Medalist rating as of .

This unconventional strategy’s investment case is dinged but not devastated.

Our research team assigns Gold ratings to strategies that they have the most conviction will outperform their Morningstar Category average over a market cycle on a risk-adjusted basis.

This unconventional strategy’s investment case is dinged but not devastated.

Principal Robby Greengold

Robby Greengold

Principal

Summary

Vanguard Primecap continues to benefit from its outstanding subadvisor and rock-bottom fees. But flaws in the investment team’s sell discipline warrant a downgrade of the strategy’s Process Pillar rating to Above Average from High.

This fund, which has spent time in both the large-blend and large-growth Morningstar Categories over the past 20 years, is one of six mutual funds overseen by subadvisor Primecap Management that stands out in many positive ways. Primecap is led by investors, not marketers, and keeps its focus on research and portfolio management. Its investment team is well-stocked with industry veterans and newcomers hired for their intellect, curiosity, and range of professional perspectives. The firm is mindful of company valuation, prizes unconventional thinking, and pursues stocks off the beaten path.
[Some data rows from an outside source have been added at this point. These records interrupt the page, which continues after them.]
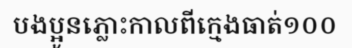
បងប្អូនភ្លោះកាលពីក្មេងធាត់១០០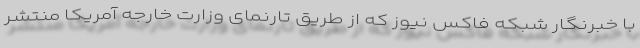
با خبرنگار شبکه فاکس نیوز که از طریق تارنمای وزارت خارجه آمریکا منتشر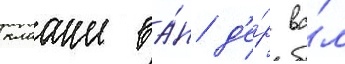
клааше ва́н д'е́р ва́л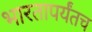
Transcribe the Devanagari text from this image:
भारतापर्यंतच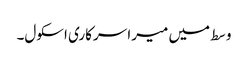
وسط میں میرا سرکاری اسکول۔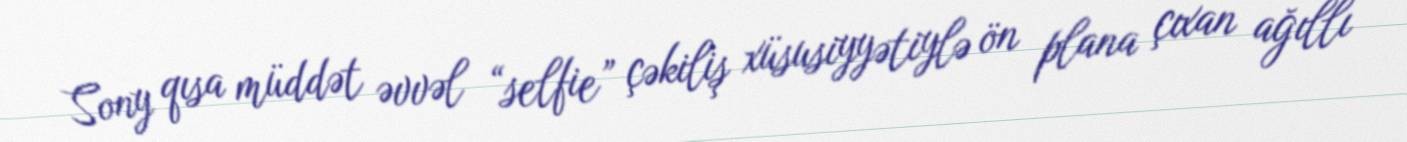
Sony qısa müddət əvvəl “selfie” çəkiliş xüsusiyyətiylə ön plana çıxan ağıllı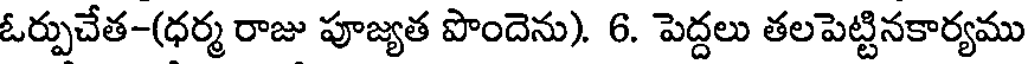
ఓర్పుచేత-(ధర్మ రాజు పూజ్యత పొందెను). 6. పెద్దలు తలపెట్టినకార్యము

The firm is also unique for its extreme patience. It often holds stocks for a decade or more, a rare trait that can pay off when it backs firms with competitive moats, rising earnings, or skilled leadership. Top holding Eli Lilly is a case in point. A long-term orientation also works when a company suffers a steep share-price drop, but its troubles are fixable and fleeting.

But patience has been a double-edged sword for Primecap, whose convictions have sometimes hardened into obstinacy even as investment theses flopped. Corporate executives can prove themselves poor stewards; rivals sometimes erode once-mighty franchises; companies’ sales slide; debt piles up; or a bargain-basement takeover ends the growth story that Primecap was banking on. In these cases, holding firm becomes damaging as the stocks’ prices fall and potential gains elsewhere are foregone.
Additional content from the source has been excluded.